*** EXTRACTED ENTRIES

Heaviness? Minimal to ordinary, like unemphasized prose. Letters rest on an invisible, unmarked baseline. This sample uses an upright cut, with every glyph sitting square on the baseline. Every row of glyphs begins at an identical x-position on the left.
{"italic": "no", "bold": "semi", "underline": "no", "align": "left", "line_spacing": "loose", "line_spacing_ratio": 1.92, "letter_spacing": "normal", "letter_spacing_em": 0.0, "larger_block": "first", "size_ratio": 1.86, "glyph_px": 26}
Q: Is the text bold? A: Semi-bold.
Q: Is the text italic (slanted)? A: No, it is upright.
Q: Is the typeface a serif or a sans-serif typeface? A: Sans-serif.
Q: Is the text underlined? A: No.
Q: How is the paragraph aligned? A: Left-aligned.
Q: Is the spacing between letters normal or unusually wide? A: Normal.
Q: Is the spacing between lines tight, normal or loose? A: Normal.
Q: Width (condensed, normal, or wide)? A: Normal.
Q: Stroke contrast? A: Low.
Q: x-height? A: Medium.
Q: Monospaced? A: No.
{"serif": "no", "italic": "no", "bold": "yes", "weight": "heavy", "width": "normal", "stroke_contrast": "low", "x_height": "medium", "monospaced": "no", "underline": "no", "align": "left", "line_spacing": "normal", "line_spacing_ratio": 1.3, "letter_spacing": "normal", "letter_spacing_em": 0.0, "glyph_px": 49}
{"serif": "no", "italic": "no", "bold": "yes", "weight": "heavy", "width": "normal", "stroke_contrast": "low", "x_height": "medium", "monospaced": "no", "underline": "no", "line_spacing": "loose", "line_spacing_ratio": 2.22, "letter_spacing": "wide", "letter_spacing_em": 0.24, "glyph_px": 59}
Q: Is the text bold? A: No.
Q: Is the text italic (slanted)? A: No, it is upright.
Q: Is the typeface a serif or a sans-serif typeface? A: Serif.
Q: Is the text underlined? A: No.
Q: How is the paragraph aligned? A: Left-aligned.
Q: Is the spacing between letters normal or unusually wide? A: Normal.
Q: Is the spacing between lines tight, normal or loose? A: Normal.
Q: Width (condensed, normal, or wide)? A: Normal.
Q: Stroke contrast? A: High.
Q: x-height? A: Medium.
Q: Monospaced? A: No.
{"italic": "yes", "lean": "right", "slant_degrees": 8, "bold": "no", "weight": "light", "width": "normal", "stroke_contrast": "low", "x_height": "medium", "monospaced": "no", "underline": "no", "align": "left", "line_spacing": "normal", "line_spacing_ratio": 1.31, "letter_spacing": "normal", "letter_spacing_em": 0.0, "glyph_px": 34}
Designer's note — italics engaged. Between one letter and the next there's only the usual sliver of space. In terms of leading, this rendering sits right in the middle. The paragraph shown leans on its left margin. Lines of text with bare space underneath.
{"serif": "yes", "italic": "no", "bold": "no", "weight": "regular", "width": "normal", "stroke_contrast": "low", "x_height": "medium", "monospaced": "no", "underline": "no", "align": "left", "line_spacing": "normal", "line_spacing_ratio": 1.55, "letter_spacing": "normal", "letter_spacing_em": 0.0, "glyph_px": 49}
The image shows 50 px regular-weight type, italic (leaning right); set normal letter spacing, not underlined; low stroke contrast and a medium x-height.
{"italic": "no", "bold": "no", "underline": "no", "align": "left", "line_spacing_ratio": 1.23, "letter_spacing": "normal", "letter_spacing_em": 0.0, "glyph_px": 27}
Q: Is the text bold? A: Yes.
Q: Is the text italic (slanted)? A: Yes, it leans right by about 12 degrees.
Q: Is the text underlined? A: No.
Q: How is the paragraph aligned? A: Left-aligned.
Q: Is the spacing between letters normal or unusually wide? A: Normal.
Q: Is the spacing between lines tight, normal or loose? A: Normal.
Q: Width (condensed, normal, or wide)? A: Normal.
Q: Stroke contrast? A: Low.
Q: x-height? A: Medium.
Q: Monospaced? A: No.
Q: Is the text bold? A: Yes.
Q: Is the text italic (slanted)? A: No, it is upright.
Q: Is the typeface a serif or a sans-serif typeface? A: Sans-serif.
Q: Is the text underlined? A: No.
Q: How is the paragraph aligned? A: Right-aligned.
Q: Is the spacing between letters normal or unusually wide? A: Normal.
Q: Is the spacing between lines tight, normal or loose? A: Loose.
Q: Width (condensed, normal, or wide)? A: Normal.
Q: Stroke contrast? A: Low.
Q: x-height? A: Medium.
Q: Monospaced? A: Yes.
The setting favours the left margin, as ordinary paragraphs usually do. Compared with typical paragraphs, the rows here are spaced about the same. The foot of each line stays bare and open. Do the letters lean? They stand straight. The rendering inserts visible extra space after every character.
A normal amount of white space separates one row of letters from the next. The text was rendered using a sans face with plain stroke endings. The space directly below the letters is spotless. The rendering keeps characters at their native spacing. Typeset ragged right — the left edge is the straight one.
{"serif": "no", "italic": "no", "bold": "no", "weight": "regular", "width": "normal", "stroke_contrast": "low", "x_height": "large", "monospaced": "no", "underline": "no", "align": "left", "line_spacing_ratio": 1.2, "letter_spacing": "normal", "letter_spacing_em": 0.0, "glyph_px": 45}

******

--- TASK DETAILS ---
Return an exact copy of the listing.

--- TASK OUTPUT ---
Heaviness? Minimal to ordinary, like unemphasized prose. Letters rest on an invisible, unmarked baseline. This sample uses an upright cut, with every glyph sitting square on the baseline. Every row of glyphs begins at an identical x-position on the left.
{"italic": "no", "bold": "semi", "underline": "no", "align": "left", "line_spacing": "loose", "line_spacing_ratio": 1.92, "letter_spacing": "normal", "letter_spacing_em": 0.0, "larger_block": "first", "size_ratio": 1.86, "glyph_px": 26}
Q: Is the text bold? A: Semi-bold.
Q: Is the text italic (slanted)? A: No, it is upright.
Q: Is the typeface a serif or a sans-serif typeface? A: Sans-serif.
Q: Is the text underlined? A: No.
Q: How is the paragraph aligned? A: Left-aligned.
Q: Is the spacing between letters normal or unusually wide? A: Normal.
Q: Is the spacing between lines tight, normal or loose? A: Normal.
Q: Width (condensed, normal, or wide)? A: Normal.
Q: Stroke contrast? A: Low.
Q: x-height? A: Medium.
Q: Monospaced? A: No.
{"serif": "no", "italic": "no", "bold": "yes", "weight": "heavy", "width": "normal", "stroke_contrast": "low", "x_height": "medium", "monospaced": "no", "underline": "no", "align": "left", "line_spacing": "normal", "line_spacing_ratio": 1.3, "letter_spacing": "normal", "letter_spacing_em": 0.0, "glyph_px": 49}
{"serif": "no", "italic": "no", "bold": "yes", "weight": "heavy", "width": "normal", "stroke_contrast": "low", "x_height": "medium", "monospaced": "no", "underline": "no", "line_spacing": "loose", "line_spacing_ratio": 2.22, "letter_spacing": "wide", "letter_spacing_em": 0.24, "glyph_px": 59}
Q: Is the text bold? A: No.
Q: Is the text italic (slanted)? A: No, it is upright.
Q: Is the typeface a serif or a sans-serif typeface? A: Serif.
Q: Is the text underlined? A: No.
Q: How is the paragraph aligned? A: Left-aligned.
Q: Is the spacing between letters normal or unusually wide? A: Normal.
Q: Is the spacing between lines tight, normal or loose? A: Normal.
Q: Width (condensed, normal, or wide)? A: Normal.
Q: Stroke contrast? A: High.
Q: x-height? A: Medium.
Q: Monospaced? A: No.
{"italic": "yes", "lean": "right", "slant_degrees": 8, "bold": "no", "weight": "light", "width": "normal", "stroke_contrast": "low", "x_height": "medium", "monospaced": "no", "underline": "no", "align": "left", "line_spacing": "normal", "line_spacing_ratio": 1.31, "letter_spacing": "normal", "letter_spacing_em": 0.0, "glyph_px": 34}
Designer's note — italics engaged. Between one letter and the next there's only the usual sliver of space. In terms of leading, this rendering sits right in the middle. The paragraph shown leans on its left margin. Lines of text with bare space underneath.
{"serif": "yes", "italic": "no", "bold": "no", "weight": "regular", "width": "normal", "stroke_contrast": "low", "x_height": "medium", "monospaced": "no", "underline": "no", "align": "left", "line_spacing": "normal", "line_spacing_ratio": 1.55, "letter_spacing": "normal", "letter_spacing_em": 0.0, "glyph_px": 49}
The image shows 50 px regular-weight type, italic (leaning right); set normal letter spacing, not underlined; low stroke contrast and a medium x-height.
{"italic": "no", "bold": "no", "underline": "no", "align": "left", "line_spacing_ratio": 1.23, "letter_spacing": "normal", "letter_spacing_em": 0.0, "glyph_px": 27}
Q: Is the text bold? A: Yes.
Q: Is the text italic (slanted)? A: Yes, it leans right by about 12 degrees.
Q: Is the text underlined? A: No.
Q: How is the paragraph aligned? A: Left-aligned.
Q: Is the spacing between letters normal or unusually wide? A: Normal.
Q: Is the spacing between lines tight, normal or loose? A: Normal.
Q: Width (condensed, normal, or wide)? A: Normal.
Q: Stroke contrast? A: Low.
Q: x-height? A: Medium.
Q: Monospaced? A: No.
Q: Is the text bold? A: Yes.
Q: Is the text italic (slanted)? A: No, it is upright.
Q: Is the typeface a serif or a sans-serif typeface? A: Sans-serif.
Q: Is the text underlined? A: No.
Q: How is the paragraph aligned? A: Right-aligned.
Q: Is the spacing between letters normal or unusually wide? A: Normal.
Q: Is the spacing between lines tight, normal or loose? A: Loose.
Q: Width (condensed, normal, or wide)? A: Normal.
Q: Stroke contrast? A: Low.
Q: x-height? A: Medium.
Q: Monospaced? A: Yes.
The setting favours the left margin, as ordinary paragraphs usually do. Compared with typical paragraphs, the rows here are spaced about the same. The foot of each line stays bare and open. Do the letters lean? They stand straight. The rendering inserts visible extra space after every character.
A normal amount of white space separates one row of letters from the next. The text was rendered using a sans face with plain stroke endings. The space directly below the letters is spotless. The rendering keeps characters at their native spacing. Typeset ragged right — the left edge is the straight one.
{"serif": "no", "italic": "no", "bold": "no", "weight": "regular", "width": "normal", "stroke_contrast": "low", "x_height": "large", "monospaced": "no", "underline": "no", "align": "left", "line_spacing_ratio": 1.2, "letter_spacing": "normal", "letter_spacing_em": 0.0, "glyph_px": 45}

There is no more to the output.